I have JDK 1.5 running on Windows XP (English version), and I have a PostgreSQL 7 database with encoding type being UTF-8. A java program takes in user input and store it into database.
If I type in Chinese (via Chinese input tool comes with Windows), the characters are stored into DB. Since Java String are encoded as UTF-16, there must be some conversion before the text can be written into a UTF-8 database, who is doing this, OS, JVM, or JDBC driver?
I added a little more functionality into the program, now that it uses JAXB (a xml parser and file generator) to convert the Chinese text into a XML element. I have used the default encoding type UTF-8 for the xml text. However, when i read the text from database, the XML parser fails because the text is not a valid UTF-8 text.

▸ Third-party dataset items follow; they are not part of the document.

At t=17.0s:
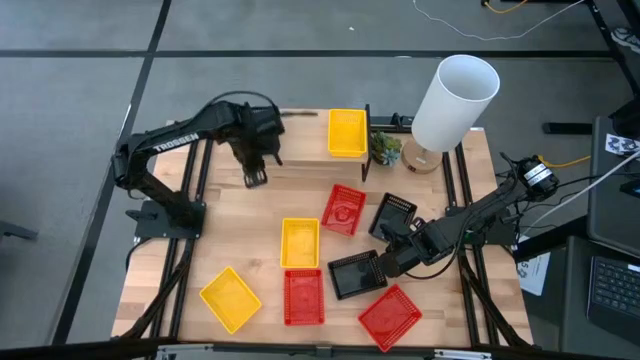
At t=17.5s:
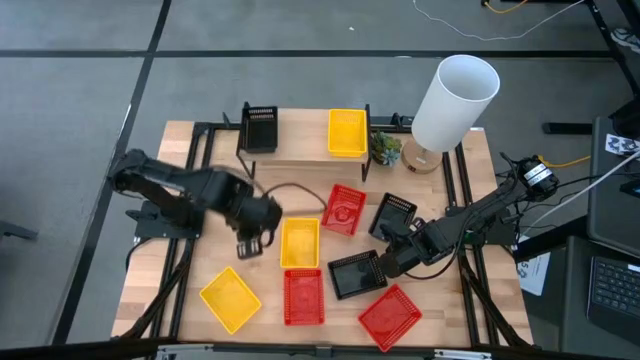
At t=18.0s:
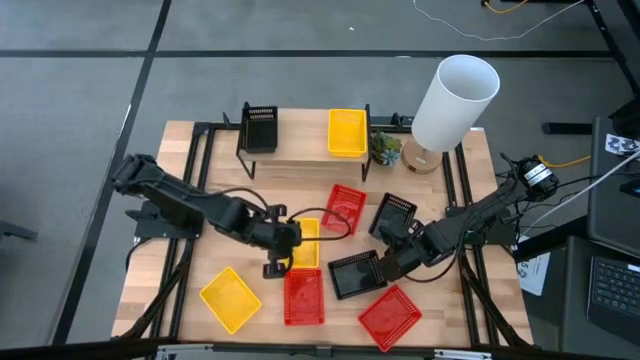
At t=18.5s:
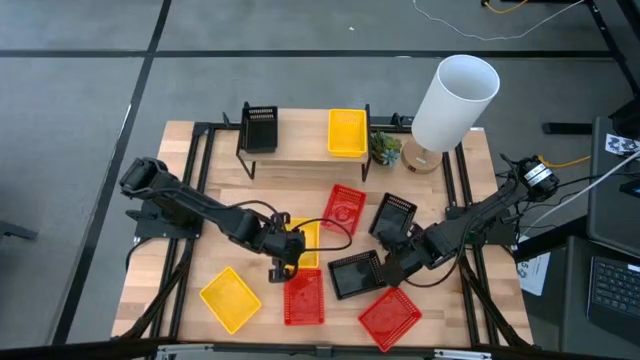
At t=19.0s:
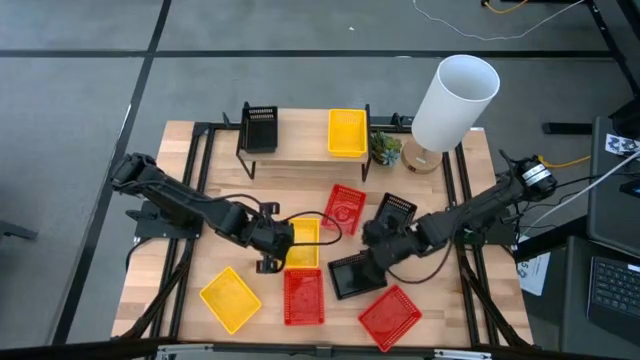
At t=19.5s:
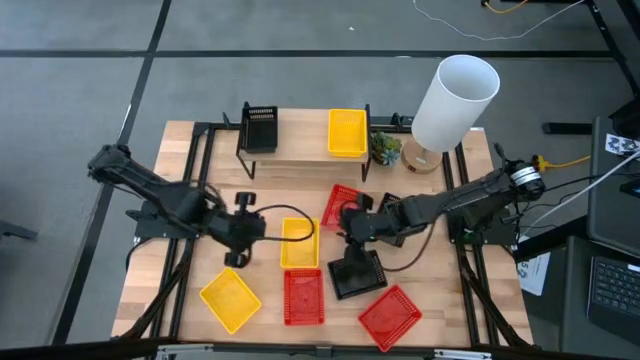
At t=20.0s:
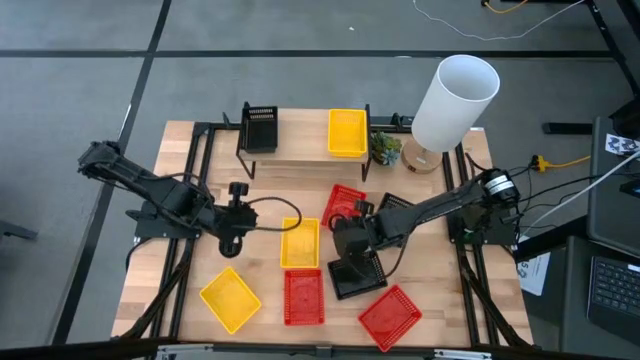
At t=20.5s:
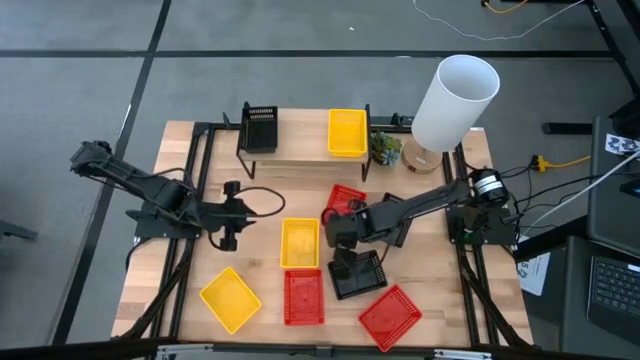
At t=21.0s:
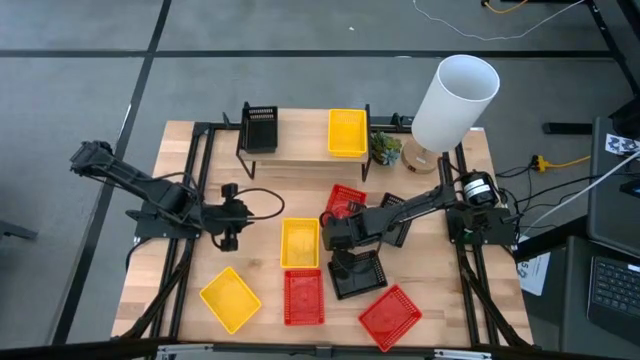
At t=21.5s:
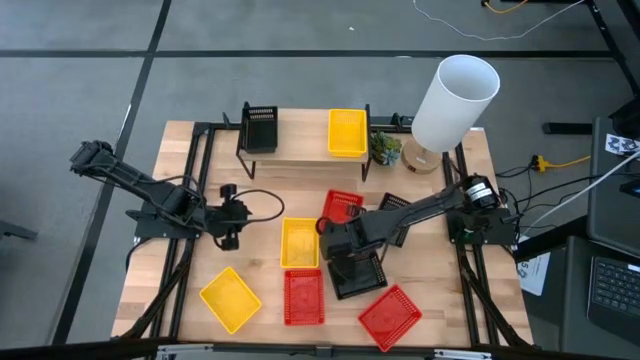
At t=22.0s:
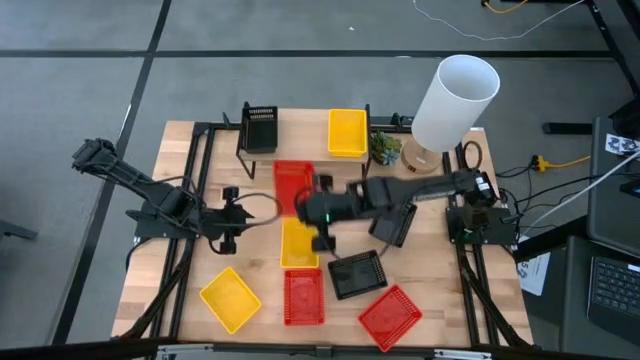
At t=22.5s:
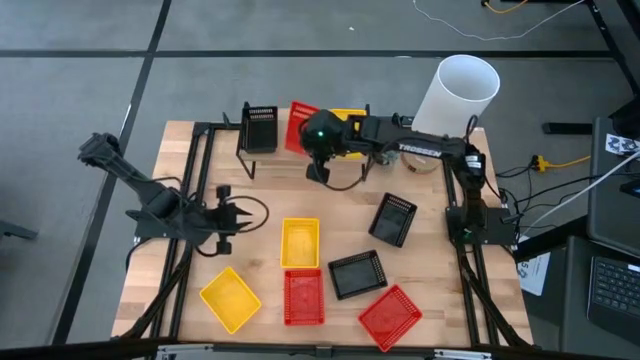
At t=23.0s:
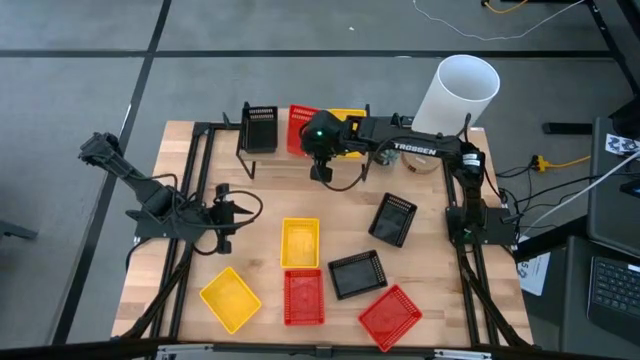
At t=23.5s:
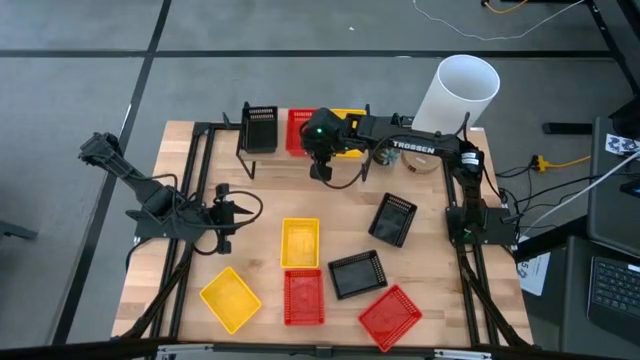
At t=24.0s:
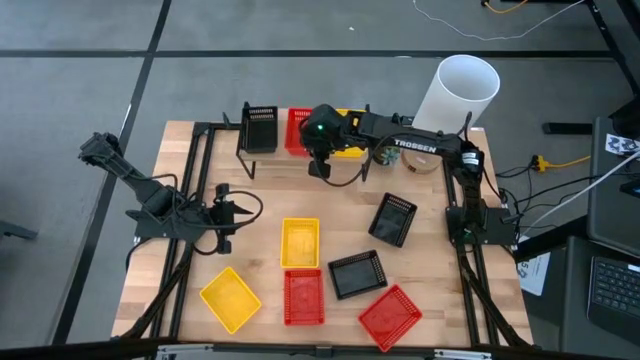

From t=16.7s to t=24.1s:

My workaround is to specify encoding type "GB2312" (for Chinese). Why do I have to that? Did not the program handle the text fine before without my sepcifying GB2312?
posted 10 years ago
In particular, I do not understand
1) how would database know these are Chinese text since I have not specified any Chinese encoding? I can see the Chinese text correctly when doing a "select * from" query.
2) why the database can handle UTF-8 fine, but the XML parser/generator cannot?
As far as I can see, the only difference is that my program calls 1) jdbc driver to store data into UTF-8
2) the XML generator to store data into UTF-8 and then store the generated text into database.